In many of these actions, the court not only boldly upended long-standing expectations of substantive rights and guarantees and overrode the authority and power of Congress and the executive branch, it also tortured its own procedures and the very practices designed to determine when and how cases are heard. This was never more evident than in the court’s approach to standing, the doctrine that ensures that litigants can only bring cases in federal court if they are personally injured by the defendant’s conduct. Last term, in 303 Creative v. Elenis, standing was deemed satisfactory for a plaintiff who merely “worries” that if she offers custom wedding website services, she will run afoul of Colorado’s nondiscrimination law if she refuses to serve gay and lesbian couples. In other cases, the court abandoned the norm of judicial restraint, reaching out to decide issues that were neither presented nor briefed by the parties.

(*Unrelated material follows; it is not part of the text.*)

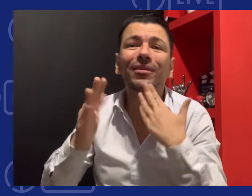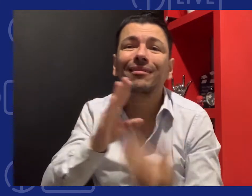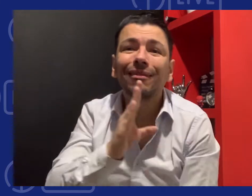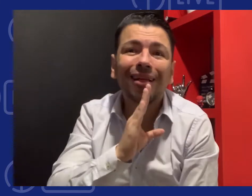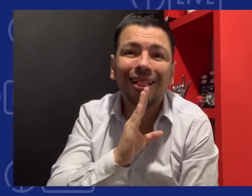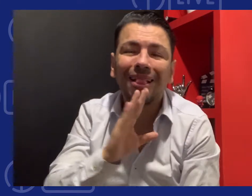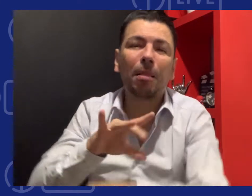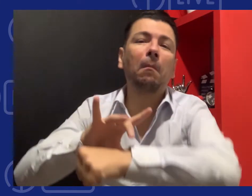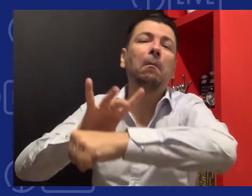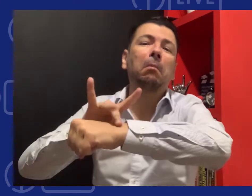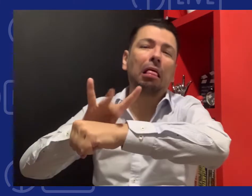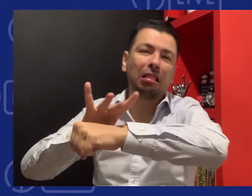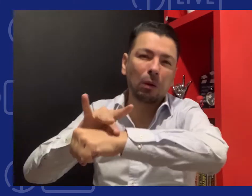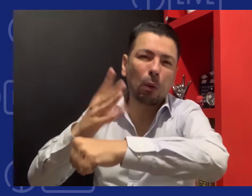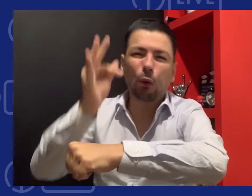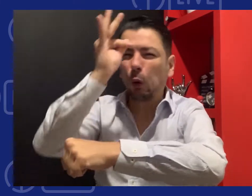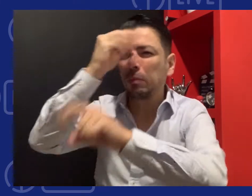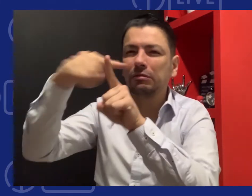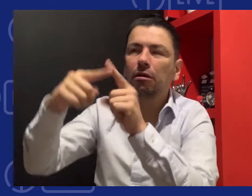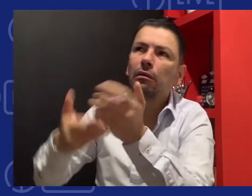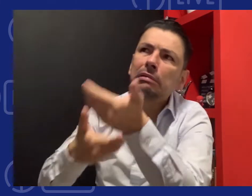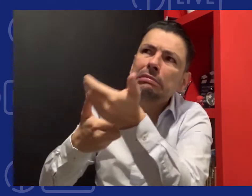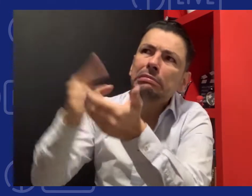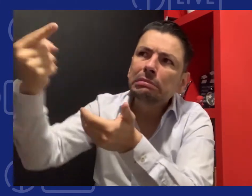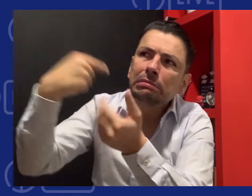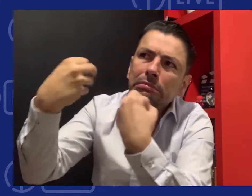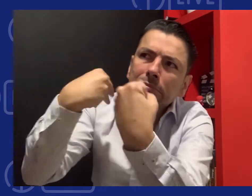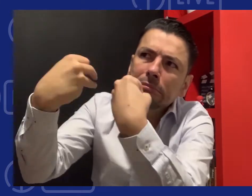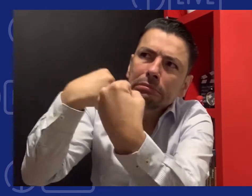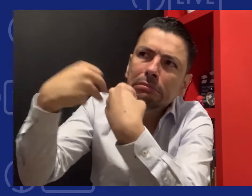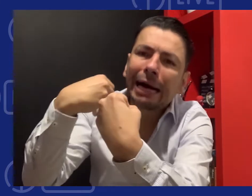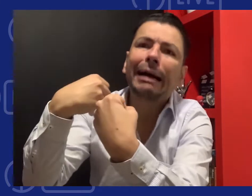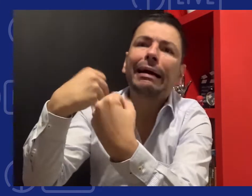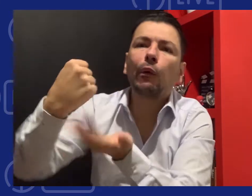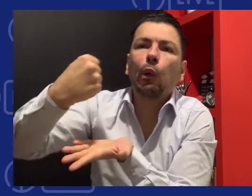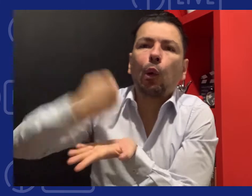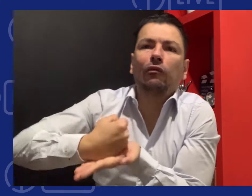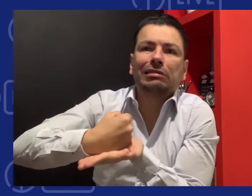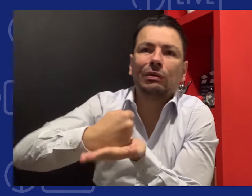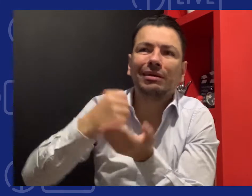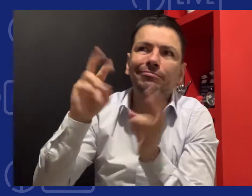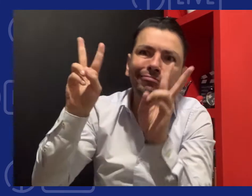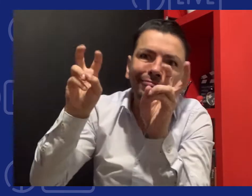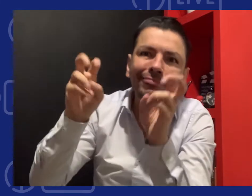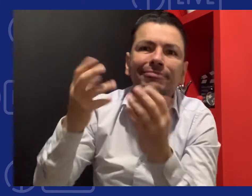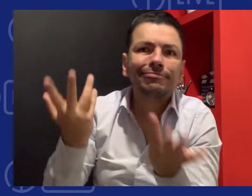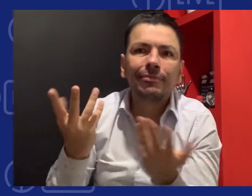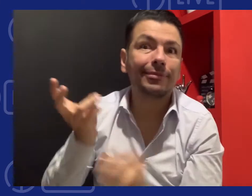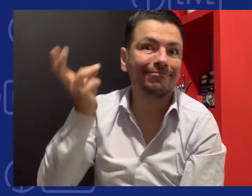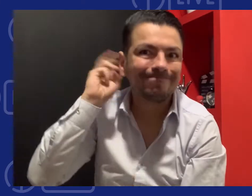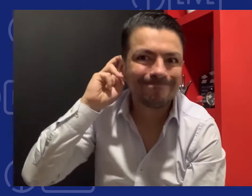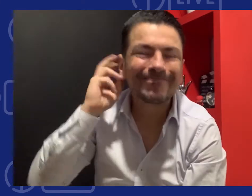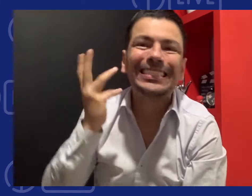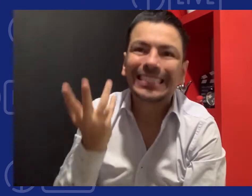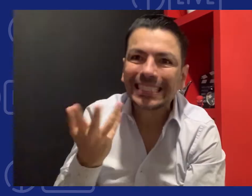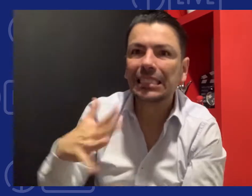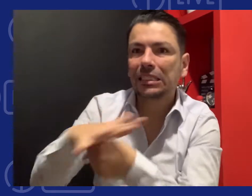Van a su lugar de confianza, que es el médico o el hospital. Y allí, en ocasiones, los

The court has also shown a remarkable disdain for the work of trial courts, wiping out findings of fact made after painstaking weeks of complex trials, often doing so with “shadow docket” or emergency orders that disappear lower court decisions without review of the substantive decisionmaking. In other cases, the court simply supplants its own intuition or understanding of the facts for that of the trial court, a fundamental violation of the deference normally afforded trial court findings of fact.
It may be impossible for most Americans to understand how fundamentally the court has changed the nature of litigation, and the rules it created over decades to govern its own decisionmaking. Most alarming is how profoundly the court has reordered American life, and reallocated political power, in just a few short years, away from Congress and the president and to itself.
The three progressive justices on the court warn in increasingly desperate and ominous dissents that the conservative majority is dealing from the bottom of the deck.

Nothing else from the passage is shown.